(EXERCISE INPUT begins)

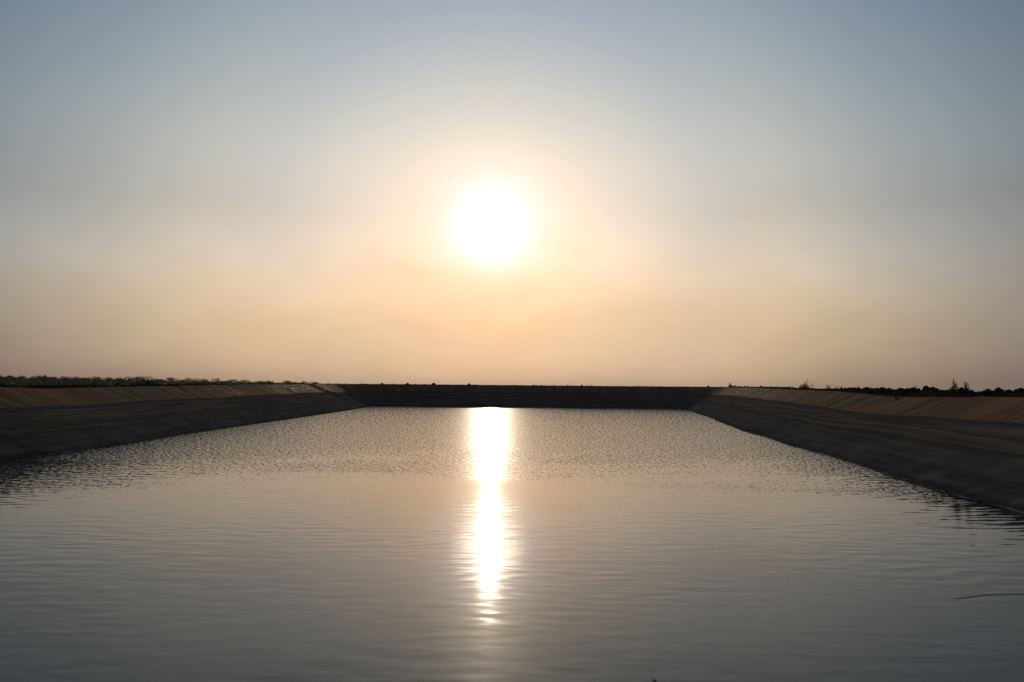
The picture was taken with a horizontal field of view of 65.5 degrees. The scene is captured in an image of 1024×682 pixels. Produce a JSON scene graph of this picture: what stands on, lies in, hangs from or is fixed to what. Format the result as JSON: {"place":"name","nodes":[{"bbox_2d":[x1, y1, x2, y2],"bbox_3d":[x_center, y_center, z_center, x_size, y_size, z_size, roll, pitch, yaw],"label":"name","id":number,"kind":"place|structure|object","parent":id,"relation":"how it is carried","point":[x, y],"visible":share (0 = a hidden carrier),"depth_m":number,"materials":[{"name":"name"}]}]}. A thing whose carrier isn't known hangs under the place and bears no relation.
{"place":"outdoors","nodes":[
{"label":"outdoors","id":0,"kind":"place"},
{"bbox_2d":[0,405,1023,681],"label":"water","id":1,"kind":"structure","parent":0,"point":[392,543],"depth_m":14.83,"materials":[{"name":"black liquid"}]},
{"bbox_2d":[954,593,1023,598],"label":"rope","id":2,"kind":"object","parent":1,"relation":"on","point":[990,594],"visible":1,"depth_m":12.48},
{"bbox_2d":[0,383,1023,513],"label":"embankment","id":3,"kind":"structure","parent":0,"point":[970,446],"depth_m":47.98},
{"bbox_2d":[26,382,49,387],"bbox_3d":[-29.334,2.748,49.278,1.245,0.388,1.193,-2,-4,36],"label":"shrub","id":4,"kind":"object","parent":3,"relation":"on","point":[37,384],"visible":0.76,"depth_m":49.19,"materials":[{"name":"green plant"}]},
{"bbox_2d":[52,382,68,387],"bbox_3d":[-29.467,2.862,51.818,1.110,0.406,1.084,-2,-4,38],"label":"shrub","id":5,"kind":"object","parent":3,"relation":"on","point":[62,385],"visible":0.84,"depth_m":51.72,"materials":[{"name":"green plant"}]},
{"bbox_2d":[143,377,156,385],"bbox_3d":[-29.577,3.335,64.922,1.089,0.784,1.158,0,-3,0],"label":"shrub","id":6,"kind":"object","parent":3,"relation":"on","point":[152,383],"visible":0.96,"depth_m":64.83,"materials":[{"name":"green plant"}]},
{"bbox_2d":[947,380,958,391],"bbox_3d":[24.283,2.486,43.782,0.668,0.827,0.622,0,-3,0],"label":"shrub","id":7,"kind":"object","parent":3,"relation":"on","point":[952,389],"visible":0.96,"depth_m":43.73,"materials":[{"name":"green plant"}]},
{"bbox_2d":[961,382,970,392],"bbox_3d":[24.185,2.478,42.305,0.564,0.638,0.583,0,-3,0],"label":"shrub","id":8,"kind":"object","parent":3,"relation":"on","point":[966,389],"visible":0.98,"depth_m":42.27,"materials":[{"name":"green plant"}]},
{"bbox_2d":[0,0,1023,391],"label":"sky","id":9,"kind":"structure","parent":0,"point":[669,193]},
{"bbox_3d":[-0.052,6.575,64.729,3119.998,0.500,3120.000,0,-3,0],"label":"ground","id":10,"kind":"structure","parent":0,"visible":0},
{"bbox_2d":[0,376,11,384],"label":"acacia tree","id":11,"kind":"object","parent":10,"relation":"on","point":[2,377],"visible":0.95,"depth_m":331.90,"materials":[{"name":"green plant"}]},
{"bbox_2d":[13,375,27,383],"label":"acacia tree","id":12,"kind":"object","parent":10,"relation":"on","point":[19,377],"visible":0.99,"depth_m":312.02,"materials":[{"name":"green plant"}]},
{"bbox_2d":[33,375,47,384],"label":"acacia tree","id":13,"kind":"object","parent":10,"relation":"on","point":[39,378],"visible":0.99,"depth_m":279.68,"materials":[{"name":"green plant"}]},
{"bbox_2d":[62,376,82,384],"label":"acacia tree","id":14,"kind":"object","parent":10,"relation":"on","point":[69,379],"visible":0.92,"depth_m":331.63,"materials":[{"name":"green plant"}]},
{"bbox_2d":[79,378,88,384],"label":"acacia tree","id":15,"kind":"object","parent":10,"relation":"on","point":[83,380],"visible":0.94,"depth_m":382.01,"materials":[{"name":"green plant"}]},
{"bbox_2d":[89,377,104,385],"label":"acacia tree","id":16,"kind":"object","parent":10,"relation":"on","point":[95,378],"visible":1,"depth_m":313.34,"materials":[{"name":"green plant"}]},
{"bbox_2d":[114,378,125,383],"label":"acacia tree","id":17,"kind":"object","parent":10,"relation":"on","point":[119,380],"visible":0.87,"depth_m":364.41,"materials":[{"name":"green plant"}]},
{"bbox_2d":[131,376,154,383],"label":"acacia tree","id":18,"kind":"object","parent":10,"relation":"on","point":[137,378],"visible":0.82,"depth_m":280.51,"materials":[{"name":"green plant"}]},
{"bbox_2d":[0,375,305,386],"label":"thicket","id":19,"kind":"object","parent":10,"relation":"on","point":[33,381],"visible":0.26,"depth_m":395.00,"materials":[{"name":"plant"}]},
{"bbox_2d":[153,378,162,383],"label":"acacia tree","id":20,"kind":"object","parent":10,"relation":"on","point":[159,381],"visible":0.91,"depth_m":394.90,"materials":[{"name":"green plant"}]},
{"bbox_2d":[166,377,176,382],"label":"acacia tree","id":21,"kind":"object","parent":10,"relation":"on","point":[171,379],"visible":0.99,"depth_m":315.82,"materials":[{"name":"green plant"}]},
{"bbox_2d":[193,378,209,383],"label":"acacia tree","id":22,"kind":"object","parent":10,"relation":"on","point":[203,380],"visible":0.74,"depth_m":384.60,"materials":[{"name":"green plant"}]}
]}

(EXERCISE INPUT ends)

### THE TASK
Without any pictures, return the material above exactly.

### RESULT FOR THIS TASK
The picture was taken with a horizontal field of view of 65.5 degrees. The scene is captured in an image of 1024×682 pixels. Produce a JSON scene graph of this picture: what stands on, lies in, hangs from or is fixed to what. Format the result as JSON: {"place":"name","nodes":[{"bbox_2d":[x1, y1, x2, y2],"bbox_3d":[x_center, y_center, z_center, x_size, y_size, z_size, roll, pitch, yaw],"label":"name","id":number,"kind":"place|structure|object","parent":id,"relation":"how it is carried","point":[x, y],"visible":share (0 = a hidden carrier),"depth_m":number,"materials":[{"name":"name"}]}]}. A thing whose carrier isn't known hangs under the place and bears no relation.
{"place":"outdoors","nodes":[
{"label":"outdoors","id":0,"kind":"place"},
{"bbox_2d":[0,405,1023,681],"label":"water","id":1,"kind":"structure","parent":0,"point":[392,543],"depth_m":14.83,"materials":[{"name":"black liquid"}]},
{"bbox_2d":[954,593,1023,598],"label":"rope","id":2,"kind":"object","parent":1,"relation":"on","point":[990,594],"visible":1,"depth_m":12.48},
{"bbox_2d":[0,383,1023,513],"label":"embankment","id":3,"kind":"structure","parent":0,"point":[970,446],"depth_m":47.98},
{"bbox_2d":[26,382,49,387],"bbox_3d":[-29.334,2.748,49.278,1.245,0.388,1.193,-2,-4,36],"label":"shrub","id":4,"kind":"object","parent":3,"relation":"on","point":[37,384],"visible":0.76,"depth_m":49.19,"materials":[{"name":"green plant"}]},
{"bbox_2d":[52,382,68,387],"bbox_3d":[-29.467,2.862,51.818,1.110,0.406,1.084,-2,-4,38],"label":"shrub","id":5,"kind":"object","parent":3,"relation":"on","point":[62,385],"visible":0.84,"depth_m":51.72,"materials":[{"name":"green plant"}]},
{"bbox_2d":[143,377,156,385],"bbox_3d":[-29.577,3.335,64.922,1.089,0.784,1.158,0,-3,0],"label":"shrub","id":6,"kind":"object","parent":3,"relation":"on","point":[152,383],"visible":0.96,"depth_m":64.83,"materials":[{"name":"green plant"}]},
{"bbox_2d":[947,380,958,391],"bbox_3d":[24.283,2.486,43.782,0.668,0.827,0.622,0,-3,0],"label":"shrub","id":7,"kind":"object","parent":3,"relation":"on","point":[952,389],"visible":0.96,"depth_m":43.73,"materials":[{"name":"green plant"}]},
{"bbox_2d":[961,382,970,392],"bbox_3d":[24.185,2.478,42.305,0.564,0.638,0.583,0,-3,0],"label":"shrub","id":8,"kind":"object","parent":3,"relation":"on","point":[966,389],"visible":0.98,"depth_m":42.27,"materials":[{"name":"green plant"}]},
{"bbox_2d":[0,0,1023,391],"label":"sky","id":9,"kind":"structure","parent":0,"point":[669,193]},
{"bbox_3d":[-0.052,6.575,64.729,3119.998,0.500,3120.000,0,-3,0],"label":"ground","id":10,"kind":"structure","parent":0,"visible":0},
{"bbox_2d":[0,376,11,384],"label":"acacia tree","id":11,"kind":"object","parent":10,"relation":"on","point":[2,377],"visible":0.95,"depth_m":331.90,"materials":[{"name":"green plant"}]},
{"bbox_2d":[13,375,27,383],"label":"acacia tree","id":12,"kind":"object","parent":10,"relation":"on","point":[19,377],"visible":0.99,"depth_m":312.02,"materials":[{"name":"green plant"}]},
{"bbox_2d":[33,375,47,384],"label":"acacia tree","id":13,"kind":"object","parent":10,"relation":"on","point":[39,378],"visible":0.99,"depth_m":279.68,"materials":[{"name":"green plant"}]},
{"bbox_2d":[62,376,82,384],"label":"acacia tree","id":14,"kind":"object","parent":10,"relation":"on","point":[69,379],"visible":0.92,"depth_m":331.63,"materials":[{"name":"green plant"}]},
{"bbox_2d":[79,378,88,384],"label":"acacia tree","id":15,"kind":"object","parent":10,"relation":"on","point":[83,380],"visible":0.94,"depth_m":382.01,"materials":[{"name":"green plant"}]},
{"bbox_2d":[89,377,104,385],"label":"acacia tree","id":16,"kind":"object","parent":10,"relation":"on","point":[95,378],"visible":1,"depth_m":313.34,"materials":[{"name":"green plant"}]},
{"bbox_2d":[114,378,125,383],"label":"acacia tree","id":17,"kind":"object","parent":10,"relation":"on","point":[119,380],"visible":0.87,"depth_m":364.41,"materials":[{"name":"green plant"}]},
{"bbox_2d":[131,376,154,383],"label":"acacia tree","id":18,"kind":"object","parent":10,"relation":"on","point":[137,378],"visible":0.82,"depth_m":280.51,"materials":[{"name":"green plant"}]},
{"bbox_2d":[0,375,305,386],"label":"thicket","id":19,"kind":"object","parent":10,"relation":"on","point":[33,381],"visible":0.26,"depth_m":395.00,"materials":[{"name":"plant"}]},
{"bbox_2d":[153,378,162,383],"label":"acacia tree","id":20,"kind":"object","parent":10,"relation":"on","point":[159,381],"visible":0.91,"depth_m":394.90,"materials":[{"name":"green plant"}]},
{"bbox_2d":[166,377,176,382],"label":"acacia tree","id":21,"kind":"object","parent":10,"relation":"on","point":[171,379],"visible":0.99,"depth_m":315.82,"materials":[{"name":"green plant"}]},
{"bbox_2d":[193,378,209,383],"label":"acacia tree","id":22,"kind":"object","parent":10,"relation":"on","point":[203,380],"visible":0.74,"depth_m":384.60,"materials":[{"name":"green plant"}]}
]}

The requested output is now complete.